## WORK REQUIRED
The listing below must be returned in full and unchanged, without the images it carries.

## DATA RECORDS
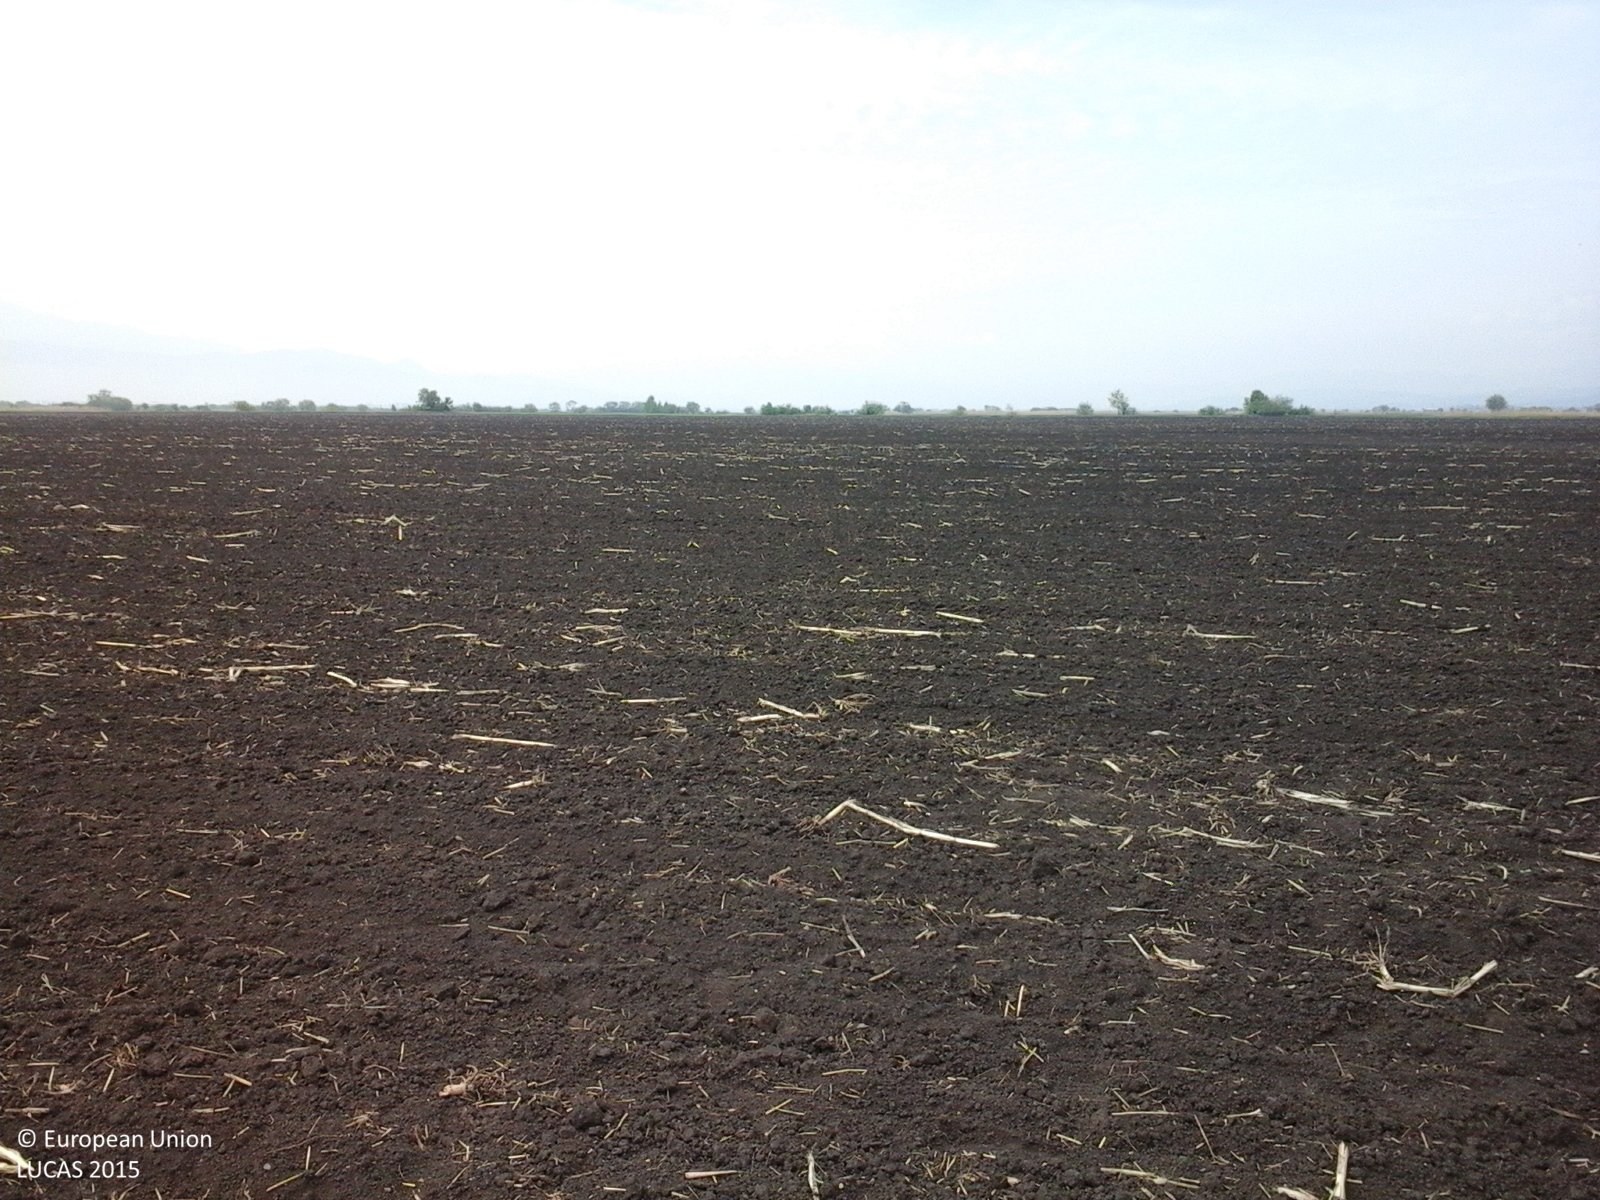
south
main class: Cropland
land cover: Maize
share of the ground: < 10 %
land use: Agriculture (excluding fallow land and kitchen gardens)
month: May
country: RO
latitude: 45.7246
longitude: 25.5087

## OUTPUT BELOW
south
main class: Cropland
land cover: Maize
share of the ground: < 10 %
land use: Agriculture (excluding fallow land and kitchen gardens)
month: May
country: RO
latitude: 45.7246
longitude: 25.5087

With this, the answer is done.